Modi is also— and this has been proved repeatedly since his Gujarat days — politically astute. For a while, it was believed that protests against demonetisation were not happening because there was no cash to go around (and in our society, even protests must bow to the power of pelf before they can be “spontaneous”). But as the days went by, it became clear that there was genuine support for the move among the poor, even as they suffered hardships far greater than merely waiting in lines.
Ironically, the dominant narrative in the media— of people suffering inside and outside banks for days on end— fed into what some commentators uncharitably called schadenfreude. These commentators failed to see that to the poor man, lines are a symbol of access. Used as he is to being denied entry, he finds it unfathomable that people should complain about being made to wait. Perhaps there was some glee, too, at the sight of others, better off than him by orders small and large, scrambling to ensure that their currency remains usable. But who can blame him? We reserve our empathy for those who face “our” problems.
It is this poor man and his ilk that are likely to vote Modi back to power, should the prime minister manage to keep the issue alive over the next two-and-a-half years. Modi has brilliantly diffused, and even at times valiantly adopted, barbs directed at him. In the popular imagination, he remains the “chaiwallah”, the outsider who stormed the pearly gates of Lutyens’ Delhi and who will not rest till he recasts his country and society in his image.

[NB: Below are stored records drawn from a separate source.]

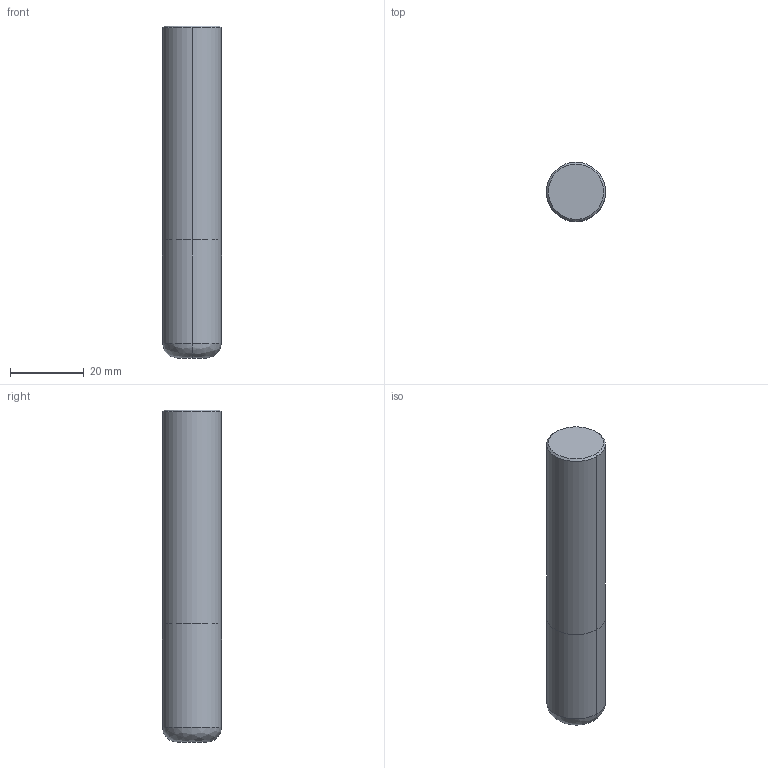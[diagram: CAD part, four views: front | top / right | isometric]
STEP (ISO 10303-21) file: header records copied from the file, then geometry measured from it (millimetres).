
FILE_DESCRIPTION(/* description */ (''),/* implementation_level */ '2;1');
FILE_NAME(/* name */ 'VQ6MHVRBCHD1600R400.stp',/* time_stamp */ '2023-03-17T09:17:58+09:00',/* author */ (''),/* organization */ (''),/* preprocessor_version */ 'ST-DEVELOPER v16',/* originating_system */ 'SIEMENS PLM Software NX 10.0',/* authorisation */ '');
FILE_SCHEMA (('AUTOMOTIVE_DESIGN { 1 0 10303 214 3 1 1 1 }'));
Length unit declared in the file: millimetre
Products named in the file (1): VQ6MHVRBCHD1600R400_ASM
Bounding box: 16 x 16 x 90 mm (x, y, z)
Volume: 17936.1 mm3; surface area: 5219.7 mm2
Topology: 2 solids, 2 shells, 12 faces, 25 edges, 23 vertices
Faces by surface type: cylinder 4, plane 4, bspline 2, cone 2
Entity records: 478 total; most frequent: CARTESIAN_POINT 91, DIRECTION 82, ORIENTED_EDGE 40, AXIS2_PLACEMENT_3D 36, EDGE_CURVE 20, STYLED_ITEM 18, PRESENTATION_STYLE_ASSIGNMENT 18, CIRCLE 15

He is here for the long haul, a fact that gets lost in the heat of politics. He outgrew his blackened past to emerge the national leader. Now, he has jettisoned his “minimum government” agenda under the guise of cleansing India. Atal Bihari Vajpayee was famously known as the man to whom no charge stuck. Modi has done one better, wrapping his idiosyncratic experiments in the gloss of change. For a long-suffering nation, his words are music. For a democratic one, they are ominous.